EVERETT — Voters in the Marysville, Sultan, Granite Falls and Stanwood-Camano school districts are getting asked this month to approve critical funding measures they rejected earlier this year.
Ballots are to go out Thursday for the April 26 special election, in which those voters will consider multi-year property tax levies to pay for classroom staff, special education services, athletic programs, computers and facility improvements not covered by state dollars. Each is intended to replace a levy expiring at the end of 2022.
“Special elections allow voters to have a say in how their local tax dollars are utilized. These measures directly impact our communities,” Snohomish County Auditor Garth Fell said in a statement.
The four districts are seeking approval of levies that failed to pass in February. State law allows districts to try twice in a calendar year to pass them.
Marysville, Sultan and Granite Falls are each running two levies — one for education and operations and the other for capital improvements and technology.

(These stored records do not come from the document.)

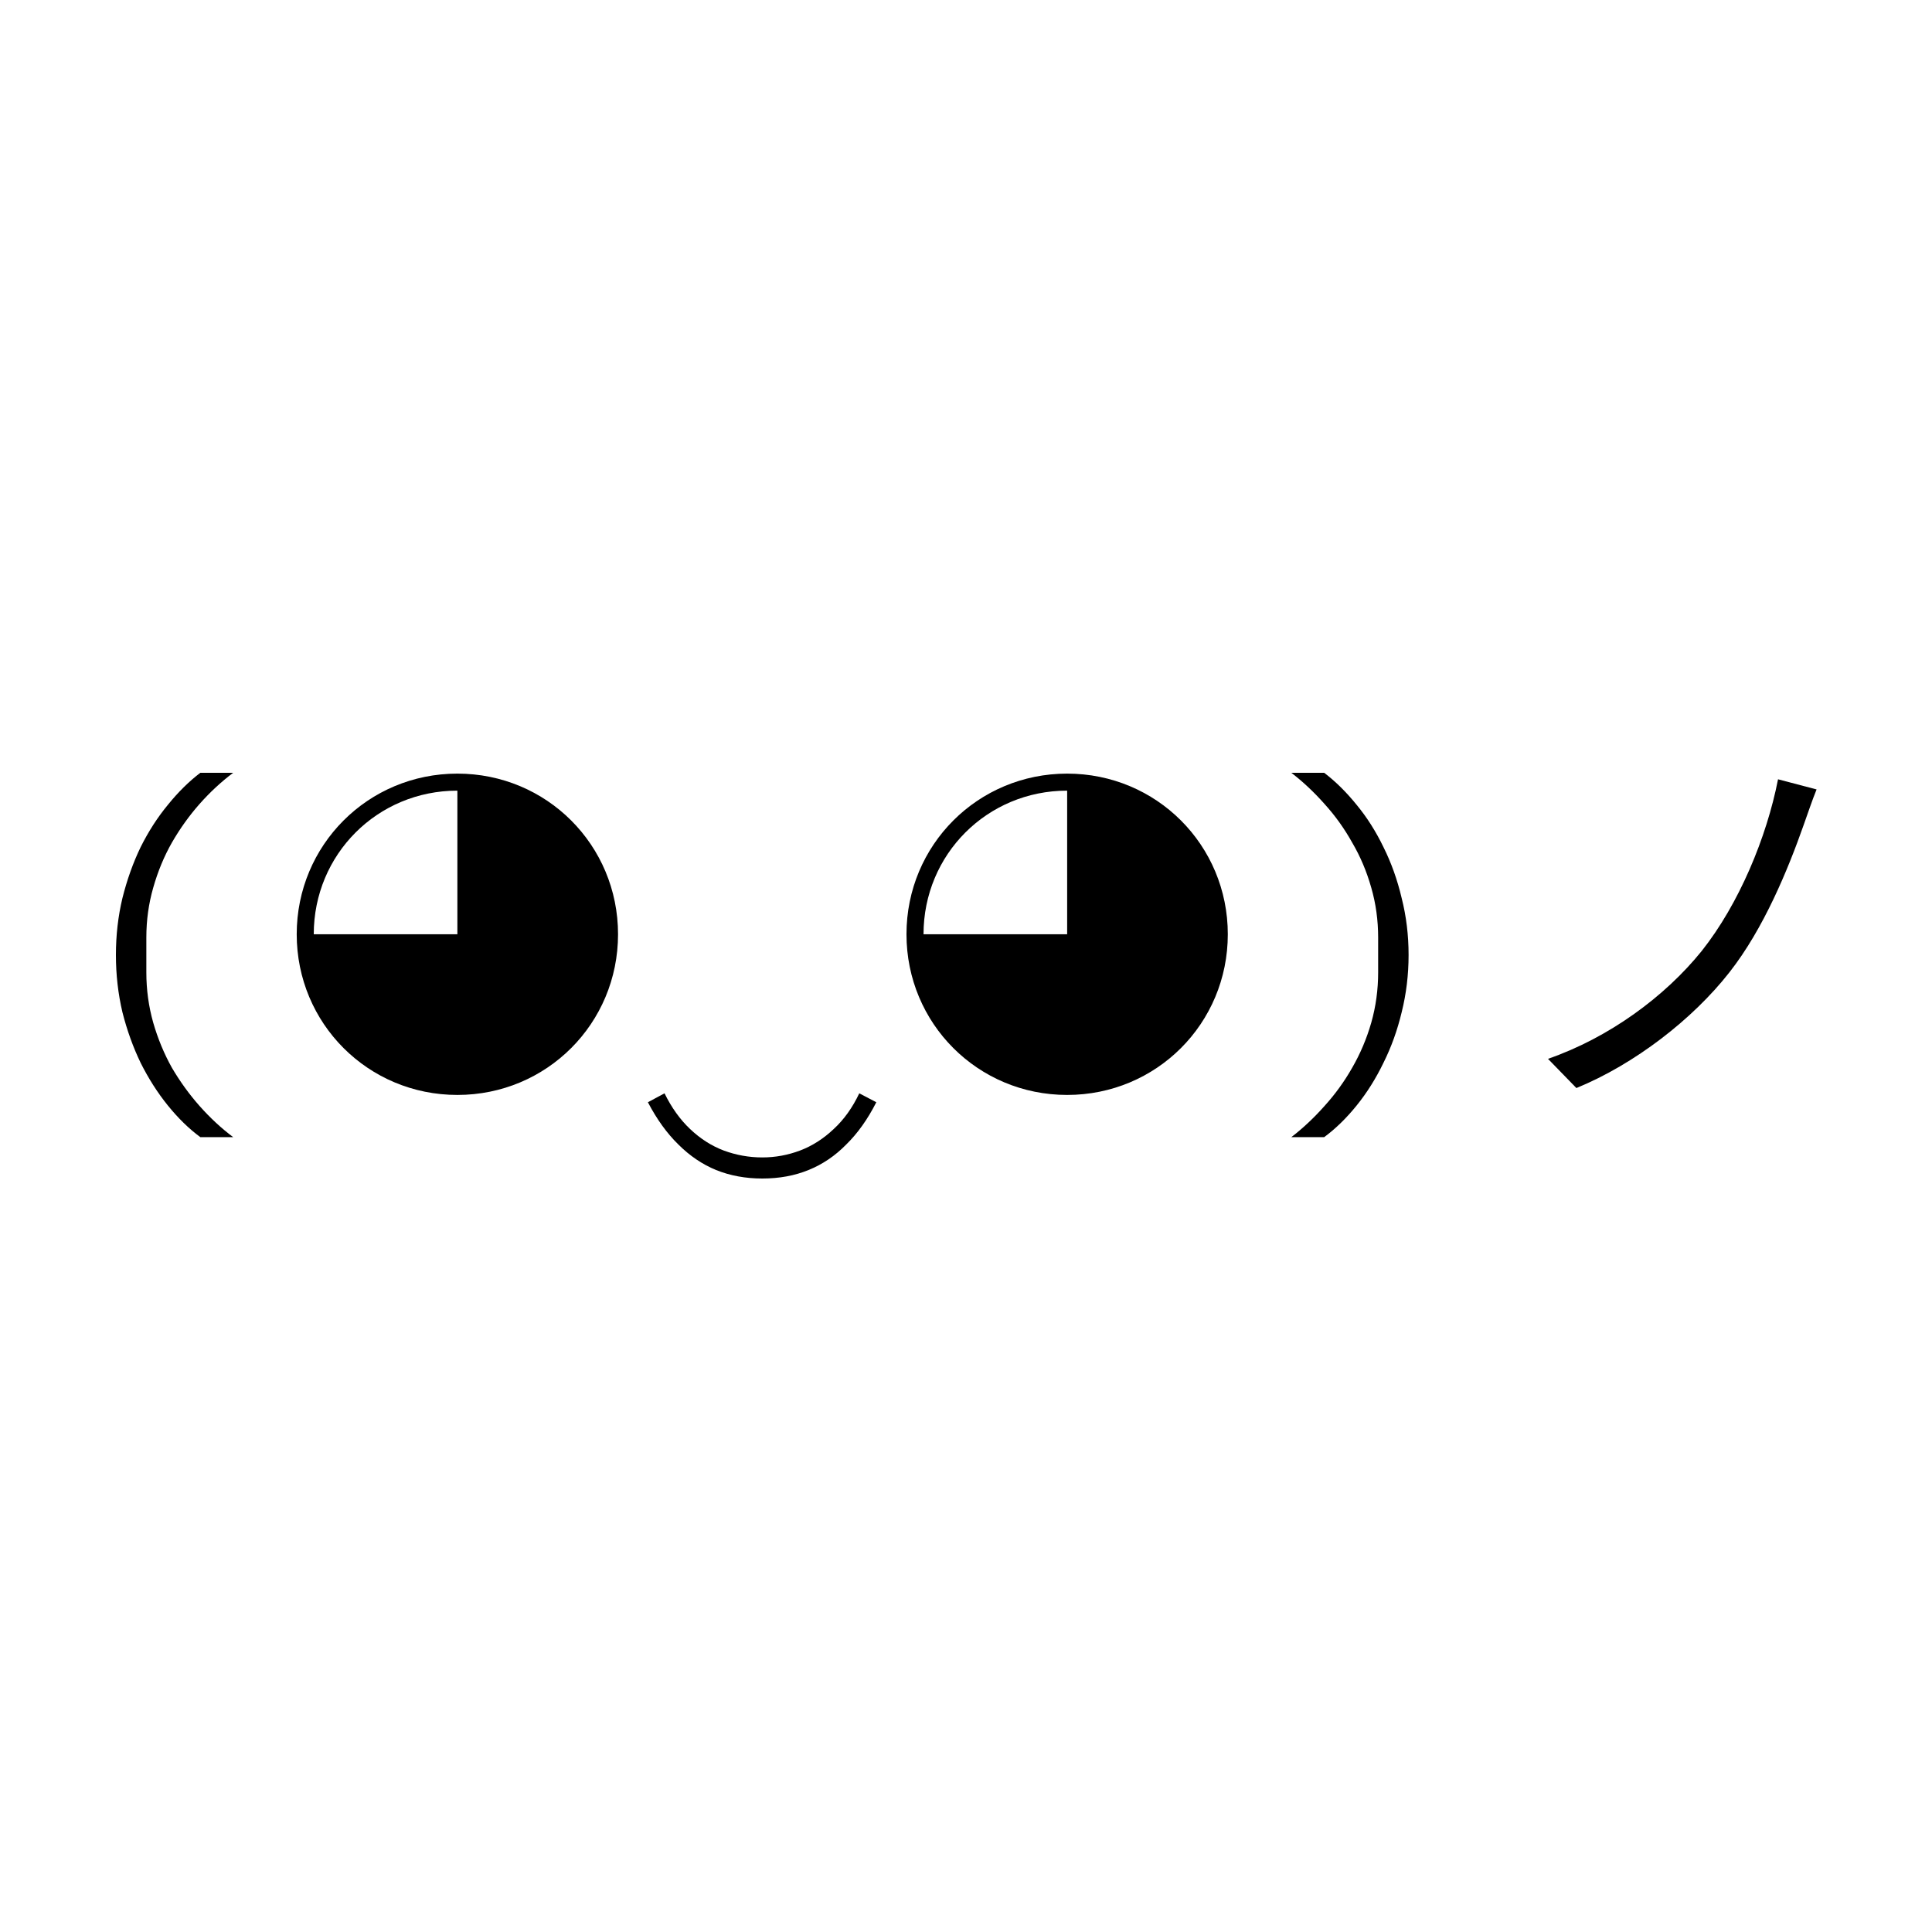 <svg width="135" height="135" viewBox="0 0 135 135" fill="none" xmlns="http://www.w3.org/2000/svg">
<path d="M8.1 66.729C8.1 65.349 8.251 64.026 8.554 62.76C8.875 61.475 9.3 60.284 9.829 59.188C10.377 58.092 11.011 57.109 11.729 56.24C12.447 55.351 13.203 54.605 13.997 54H16.293C15.461 54.624 14.677 55.351 13.94 56.183C13.222 56.996 12.579 57.893 12.012 58.876C11.464 59.84 11.03 60.889 10.708 62.023C10.387 63.138 10.226 64.3 10.226 65.51V67.948C10.226 69.158 10.387 70.33 10.708 71.464C11.03 72.579 11.464 73.628 12.012 74.61C12.579 75.574 13.222 76.463 13.94 77.275C14.677 78.107 15.461 78.835 16.293 79.458H13.997C13.203 78.872 12.447 78.135 11.729 77.247C11.011 76.359 10.377 75.366 9.829 74.27C9.3 73.174 8.875 71.993 8.554 70.727C8.251 69.441 8.1 68.109 8.1 66.729Z" fill="black"/>
<path d="M31.96 76.51C38.197 76.51 43.186 71.52 43.186 65.283C43.186 59.046 38.197 54.057 31.96 54.057C25.723 54.057 20.733 59.046 20.733 65.283C20.733 71.52 25.723 76.51 31.96 76.51ZM21.924 65.283C21.924 59.698 26.375 55.247 31.96 55.247V65.283H21.924Z" fill="black"/>
<path d="M46.434 76.397C46.925 77.398 47.521 78.23 48.22 78.891C48.938 79.572 49.722 80.073 50.573 80.394C51.442 80.715 52.34 80.876 53.266 80.876C54.173 80.876 55.052 80.715 55.903 80.394C56.753 80.073 57.538 79.572 58.256 78.891C58.974 78.23 59.569 77.398 60.042 76.397L61.233 77.02C60.628 78.211 59.928 79.194 59.135 79.969C58.36 80.762 57.481 81.358 56.498 81.755C55.534 82.151 54.457 82.35 53.266 82.35C52.094 82.35 51.017 82.151 50.034 81.755C49.07 81.358 48.191 80.762 47.398 79.969C46.604 79.194 45.895 78.211 45.272 77.02L46.434 76.397Z" fill="black"/>
<path d="M74.568 76.51C80.805 76.51 85.794 71.52 85.794 65.283C85.794 59.046 80.805 54.057 74.568 54.057C68.331 54.057 63.341 59.046 63.341 65.283C63.341 71.52 68.331 76.51 74.568 76.51ZM64.532 65.283C64.532 59.698 68.983 55.247 74.568 55.247V65.283H64.532Z" fill="black"/>
<path d="M98.426 66.729C98.426 68.109 98.265 69.441 97.944 70.727C97.641 71.993 97.216 73.174 96.668 74.27C96.139 75.366 95.515 76.359 94.797 77.247C94.079 78.135 93.323 78.872 92.529 79.458H90.233C91.045 78.835 91.82 78.107 92.557 77.275C93.294 76.463 93.937 75.574 94.485 74.61C95.052 73.628 95.496 72.579 95.817 71.464C96.139 70.33 96.299 69.158 96.299 67.948V65.51C96.299 64.3 96.139 63.138 95.817 62.023C95.496 60.889 95.052 59.84 94.485 58.876C93.937 57.893 93.294 56.996 92.557 56.183C91.82 55.351 91.045 54.624 90.233 54H92.529C93.323 54.605 94.079 55.351 94.797 56.24C95.515 57.109 96.139 58.092 96.668 59.188C97.216 60.284 97.641 61.475 97.944 62.76C98.265 64.026 98.426 65.349 98.426 66.729Z" fill="black"/>
<path d="M126.935 55.162L124.242 54.454C123.448 58.508 121.52 63.157 118.912 66.446C116.332 69.649 112.42 72.513 108.167 73.987L110.152 76.028C114.234 74.355 118.288 71.209 120.84 67.948C123.249 64.886 124.95 60.719 126.028 57.657C126.283 56.948 126.623 55.928 126.935 55.162Z" fill="black"/>
</svg>

In Marysville, after each of the levies lost badly, the district Board of Directors slimmed the requests. They lowered the tax rate for the four-year education levy to $1.97 per $1,000 of assessed value, down from the $2.20 rate in the failed measure. This levy is the district’s second-largest funding source.
And they reduced the rate for the proposed capital levy to 26 cents per $1,000 of assessed value, down from the 60 cents voters rejected. It would bring in roughly $12.5 million over the next four years, compared to $28.6 million in the failed measure.
In Sultan, directors are re-running the property tax for education programs that produces 10% of revenue used to run the district. They dropped the rate for the capital levy to 95 cents per $1,000 of assessed value, 30 cents less than what voters turned down.
Granite Falls’ school leaders are re-running the same educational programs levy and capital improvements tax. The capital levy came close. It would have passed with a swing of 10 votes.
Stanwood-Camano will run the same four-year, $10.4 million capital improvement levy. It did not run an education levy. That district spans parts of Snohomish and Island counties.
A fifth school district, Lakewood, is seeking approval of a four-year, $3.8 million technology levy. It did not have any measures on the February ballot.
A simple majority is required for approval of an education program or capital levy.
And in Mill Creek, voters will consider a measure to annex the city into South County Fire starting Aug. 1.
Mill Creek is now part of Snohomish Regional Fire and Rescue. Its contract with that authority is expiring.
Ballots returned by mail do not require a stamp. But they must be postmarked no later than April 26. Be sure to check the last collection time on the postal box, because ballots that arrive with a postmark after election day will not be counted.
Another option is to use one of the county’s designated ballot drop boxes. Fifteen of those will be open around the clock until 8 p.m. on April 26.